[Records contained in a dataset]
——————————
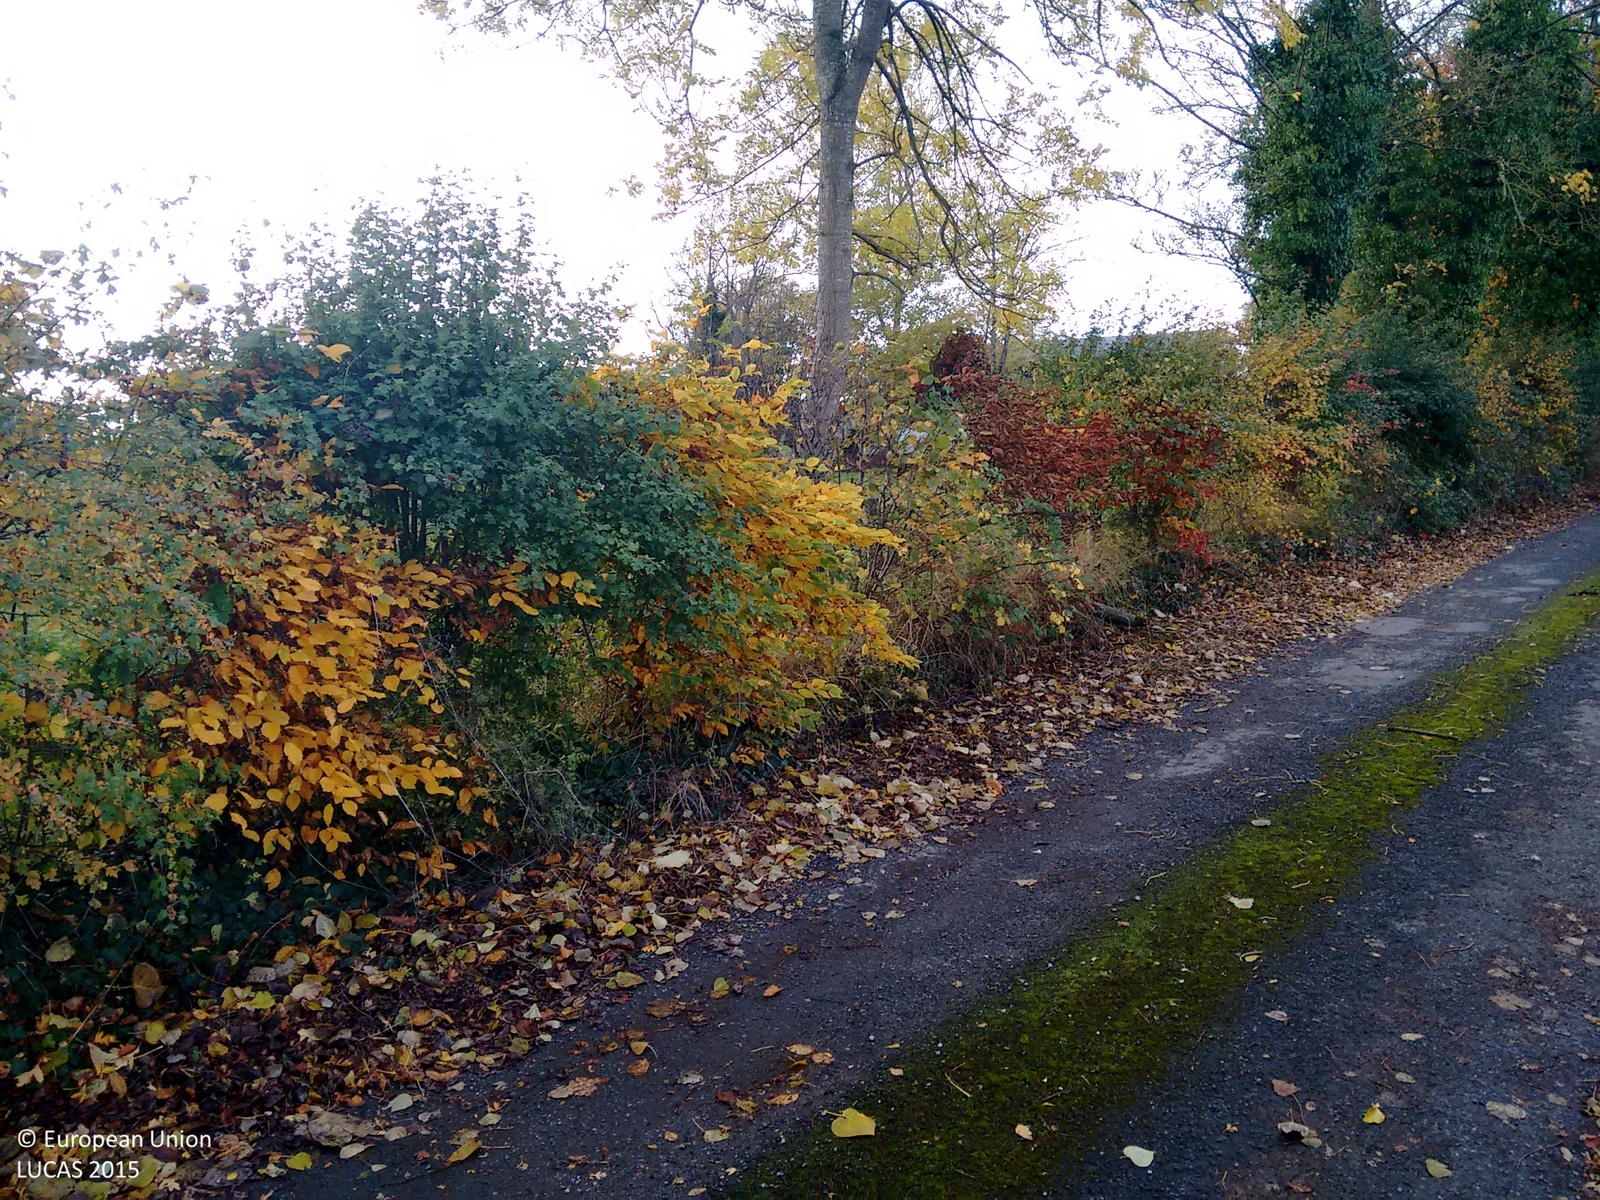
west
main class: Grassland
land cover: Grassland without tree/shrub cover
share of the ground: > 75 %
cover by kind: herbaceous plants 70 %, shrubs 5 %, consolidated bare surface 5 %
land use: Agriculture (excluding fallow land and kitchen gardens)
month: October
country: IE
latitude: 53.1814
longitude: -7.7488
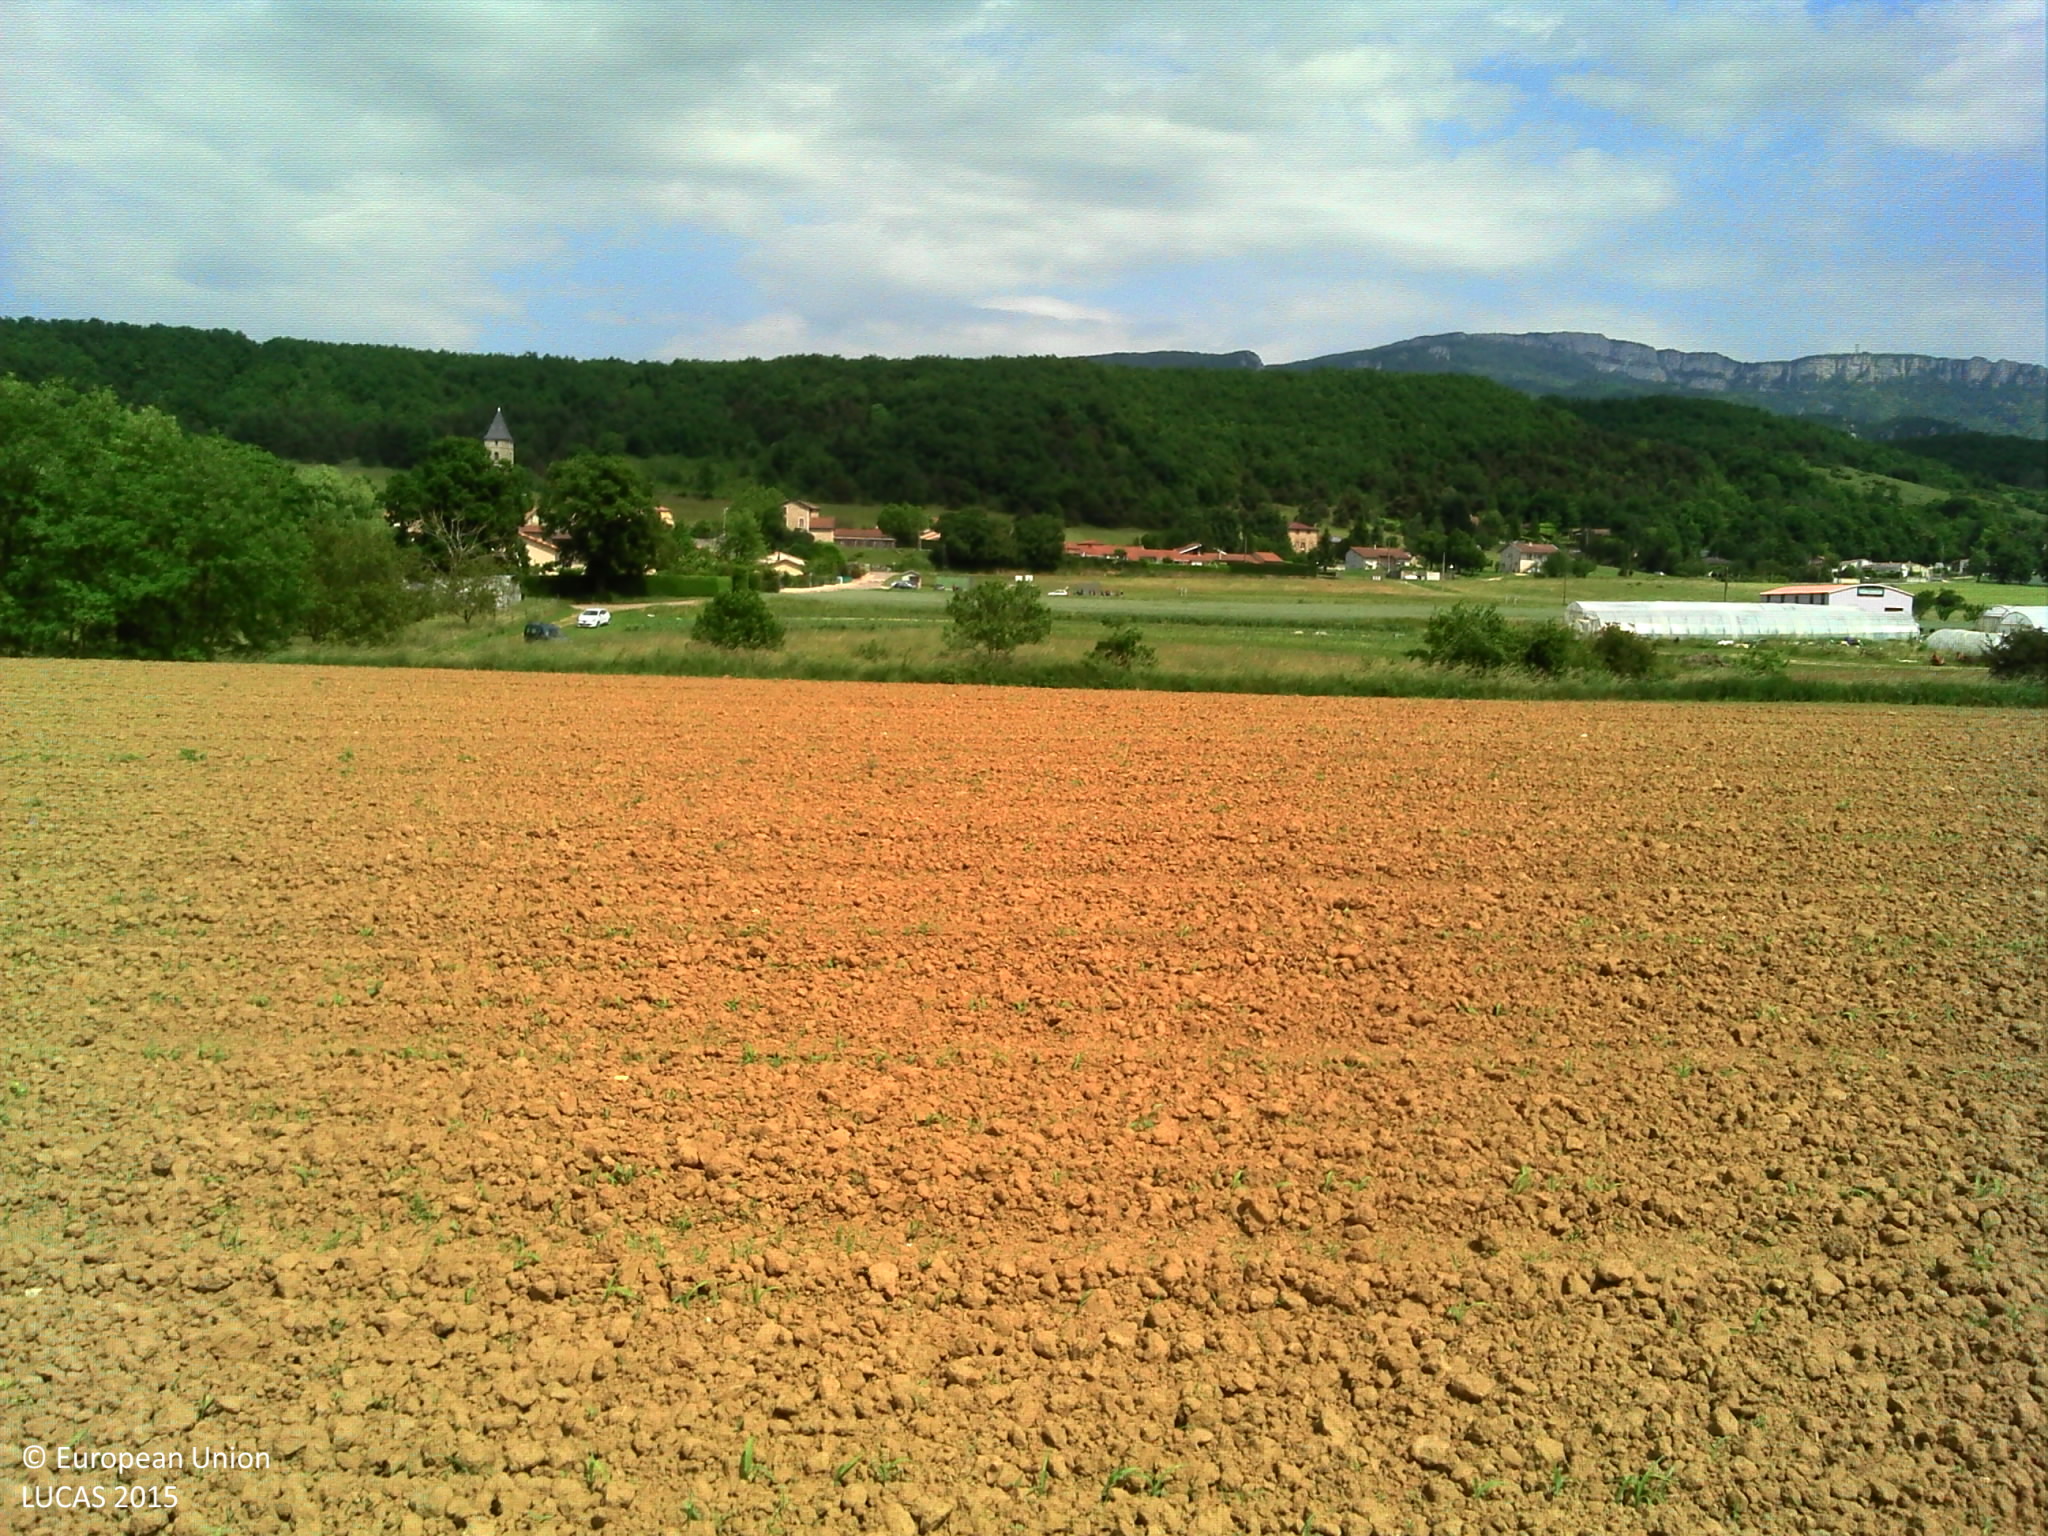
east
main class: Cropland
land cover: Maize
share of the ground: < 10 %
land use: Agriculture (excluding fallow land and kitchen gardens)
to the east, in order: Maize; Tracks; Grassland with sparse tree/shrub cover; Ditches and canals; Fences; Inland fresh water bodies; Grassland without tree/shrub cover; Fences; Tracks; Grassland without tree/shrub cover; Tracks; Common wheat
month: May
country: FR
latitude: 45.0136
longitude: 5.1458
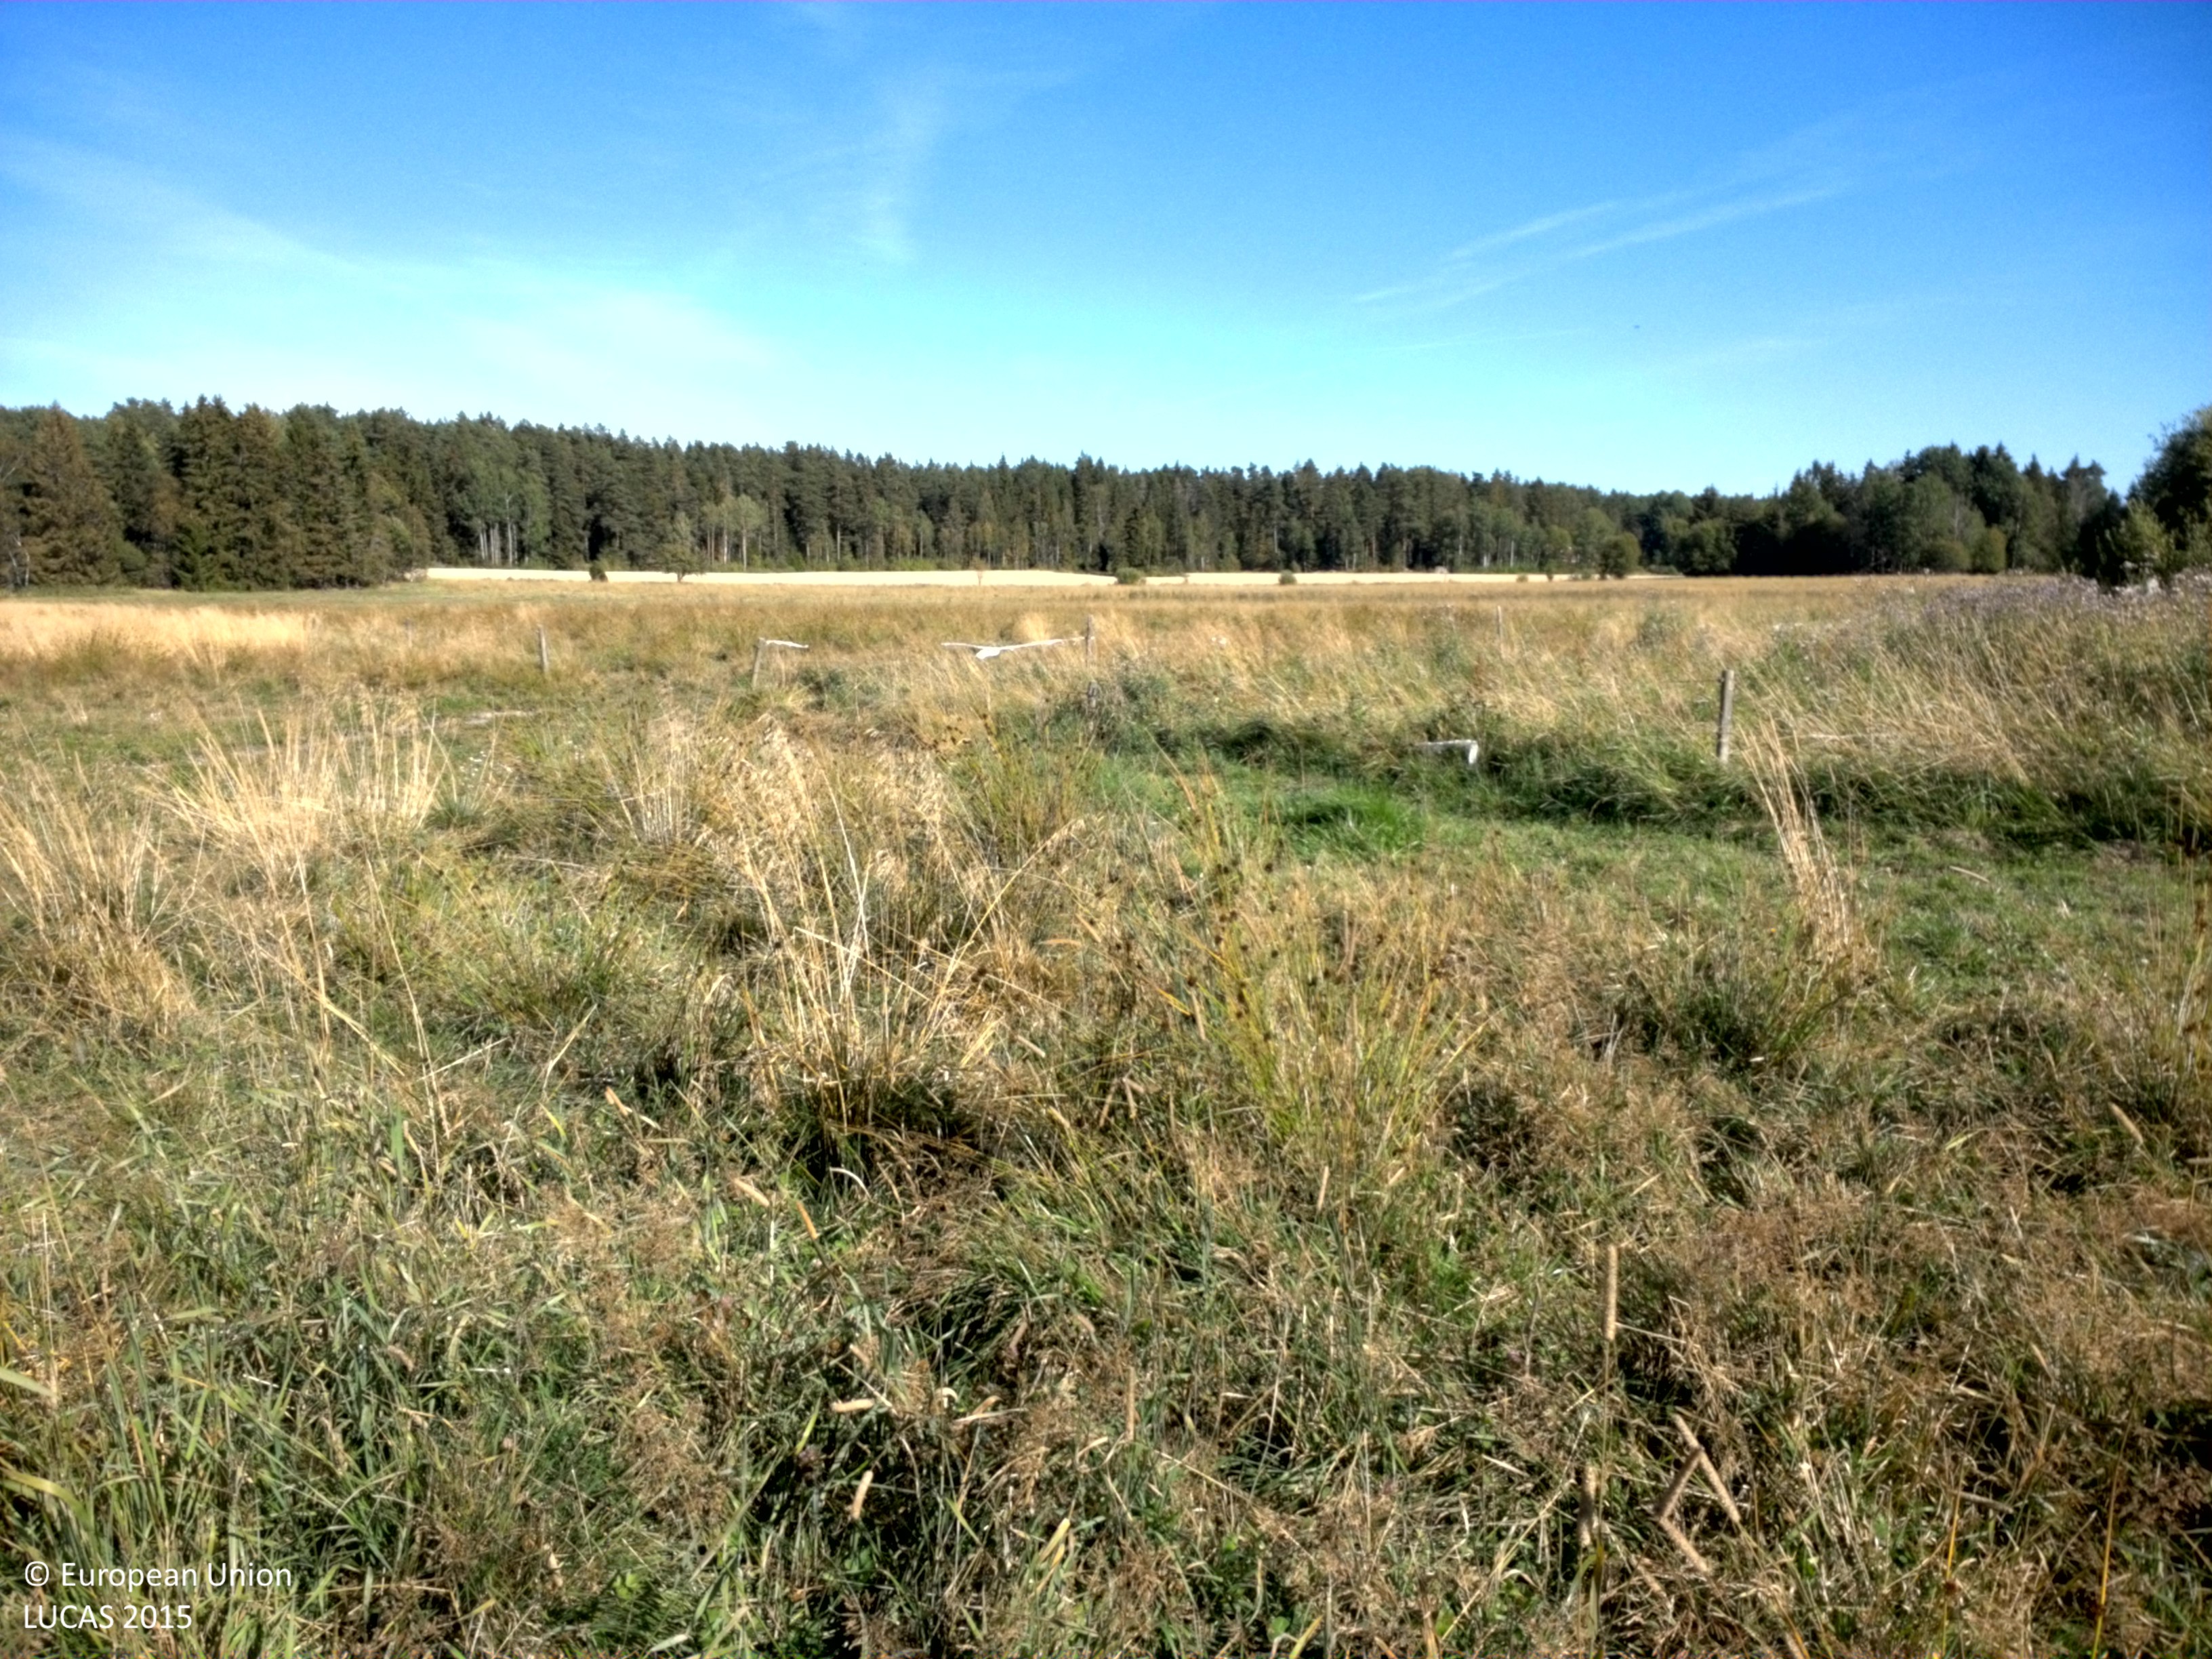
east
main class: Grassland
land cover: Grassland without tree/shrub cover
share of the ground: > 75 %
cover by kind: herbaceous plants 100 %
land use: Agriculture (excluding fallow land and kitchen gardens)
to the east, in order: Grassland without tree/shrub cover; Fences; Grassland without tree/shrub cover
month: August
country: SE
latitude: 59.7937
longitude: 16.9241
——————————
WHAT IS EXPECTED
Reproduce the records above exactly, but only from the line with "latitude: 53.1814" up to and including the line with "country: SE". Leave the pictures out.

REPLY
latitude: 53.1814
longitude: -7.7488
east
main class: Cropland
land cover: Maize
share of the ground: < 10 %
land use: Agriculture (excluding fallow land and kitchen gardens)
to the east, in order: Maize; Tracks; Grassland with sparse tree/shrub cover; Ditches and canals; Fences; Inland fresh water bodies; Grassland without tree/shrub cover; Fences; Tracks; Grassland without tree/shrub cover; Tracks; Common wheat
month: May
country: FR
latitude: 45.0136
longitude: 5.1458
east
main class: Grassland
land cover: Grassland without tree/shrub cover
share of the ground: > 75 %
cover by kind: herbaceous plants 100 %
land use: Agriculture (excluding fallow land and kitchen gardens)
to the east, in order: Grassland without tree/shrub cover; Fences; Grassland without tree/shrub cover
month: August
country: SE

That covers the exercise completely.